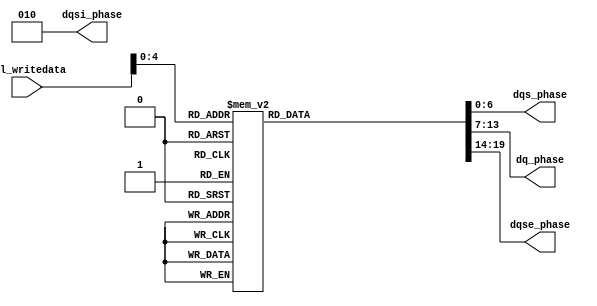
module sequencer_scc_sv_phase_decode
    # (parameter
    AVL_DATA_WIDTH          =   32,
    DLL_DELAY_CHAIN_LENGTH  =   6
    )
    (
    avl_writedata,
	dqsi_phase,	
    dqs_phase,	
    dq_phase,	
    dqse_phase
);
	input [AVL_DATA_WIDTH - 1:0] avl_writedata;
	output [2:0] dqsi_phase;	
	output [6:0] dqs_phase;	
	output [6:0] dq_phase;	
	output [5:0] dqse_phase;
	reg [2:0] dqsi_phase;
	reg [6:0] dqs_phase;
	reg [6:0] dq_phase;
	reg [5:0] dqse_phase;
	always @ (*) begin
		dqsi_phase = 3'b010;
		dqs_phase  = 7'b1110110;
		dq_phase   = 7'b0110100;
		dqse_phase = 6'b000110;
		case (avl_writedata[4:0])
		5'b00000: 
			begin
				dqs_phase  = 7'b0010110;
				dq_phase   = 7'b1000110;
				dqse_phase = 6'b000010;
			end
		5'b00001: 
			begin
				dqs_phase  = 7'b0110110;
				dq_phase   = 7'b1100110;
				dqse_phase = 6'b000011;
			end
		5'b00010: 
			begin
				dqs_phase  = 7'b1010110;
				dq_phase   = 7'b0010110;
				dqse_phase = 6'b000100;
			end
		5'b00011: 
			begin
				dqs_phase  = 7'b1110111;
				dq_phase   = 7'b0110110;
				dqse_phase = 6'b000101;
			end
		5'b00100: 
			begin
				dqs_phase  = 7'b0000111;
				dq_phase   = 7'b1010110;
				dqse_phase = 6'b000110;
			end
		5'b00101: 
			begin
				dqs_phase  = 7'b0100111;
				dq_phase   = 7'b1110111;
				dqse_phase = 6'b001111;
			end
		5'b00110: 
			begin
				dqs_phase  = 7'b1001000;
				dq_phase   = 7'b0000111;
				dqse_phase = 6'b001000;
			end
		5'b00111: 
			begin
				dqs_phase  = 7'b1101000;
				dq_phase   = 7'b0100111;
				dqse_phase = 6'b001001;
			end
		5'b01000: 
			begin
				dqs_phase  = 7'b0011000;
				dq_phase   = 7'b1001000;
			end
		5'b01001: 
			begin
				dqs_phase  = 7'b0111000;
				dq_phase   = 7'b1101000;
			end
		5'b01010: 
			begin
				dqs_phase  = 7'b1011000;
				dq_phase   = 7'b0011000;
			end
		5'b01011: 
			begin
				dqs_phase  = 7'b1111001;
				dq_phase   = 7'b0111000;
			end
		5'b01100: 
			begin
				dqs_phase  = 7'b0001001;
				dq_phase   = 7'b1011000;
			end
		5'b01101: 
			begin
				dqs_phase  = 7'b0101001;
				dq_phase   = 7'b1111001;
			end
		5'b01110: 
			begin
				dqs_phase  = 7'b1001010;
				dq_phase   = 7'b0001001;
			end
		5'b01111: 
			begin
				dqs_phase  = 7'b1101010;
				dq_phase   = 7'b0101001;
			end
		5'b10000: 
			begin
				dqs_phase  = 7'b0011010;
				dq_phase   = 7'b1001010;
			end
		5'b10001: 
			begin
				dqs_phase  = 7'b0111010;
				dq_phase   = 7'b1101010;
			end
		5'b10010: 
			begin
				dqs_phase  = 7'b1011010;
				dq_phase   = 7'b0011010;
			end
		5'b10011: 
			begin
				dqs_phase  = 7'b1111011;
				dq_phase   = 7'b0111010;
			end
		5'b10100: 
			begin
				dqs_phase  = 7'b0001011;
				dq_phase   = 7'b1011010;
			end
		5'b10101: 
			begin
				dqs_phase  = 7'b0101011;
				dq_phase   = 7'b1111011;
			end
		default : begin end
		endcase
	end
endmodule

****************************************

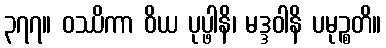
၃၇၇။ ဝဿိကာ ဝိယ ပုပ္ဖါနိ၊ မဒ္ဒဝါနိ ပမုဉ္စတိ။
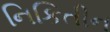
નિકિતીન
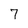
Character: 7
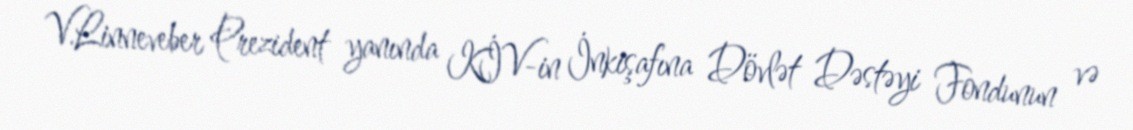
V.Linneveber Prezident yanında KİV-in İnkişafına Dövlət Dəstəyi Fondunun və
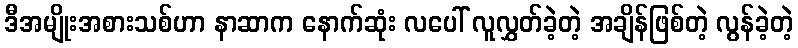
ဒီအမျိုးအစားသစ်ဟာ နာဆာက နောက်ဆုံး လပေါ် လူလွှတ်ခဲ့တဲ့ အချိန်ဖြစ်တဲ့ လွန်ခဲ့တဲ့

****************************************

◆ HOW TO COMPLETE THIS TASK
In the entries above, find the line with "module sequencer_scc_sv_phase_decode" and the line with "reg [6:0] dqs_phase;", then restate word for word both of them and every line between, with nothing more.

◆ RESPONSE
module sequencer_scc_sv_phase_decode
    # (parameter
    AVL_DATA_WIDTH          =   32,
    DLL_DELAY_CHAIN_LENGTH  =   6
    )
    (
    avl_writedata,
	dqsi_phase,	
    dqs_phase,	
    dq_phase,	
    dqse_phase
);
	input [AVL_DATA_WIDTH - 1:0] avl_writedata;
	output [2:0] dqsi_phase;	
	output [6:0] dqs_phase;	
	output [6:0] dq_phase;	
	output [5:0] dqse_phase;
	reg [2:0] dqsi_phase;
	reg [6:0] dqs_phase;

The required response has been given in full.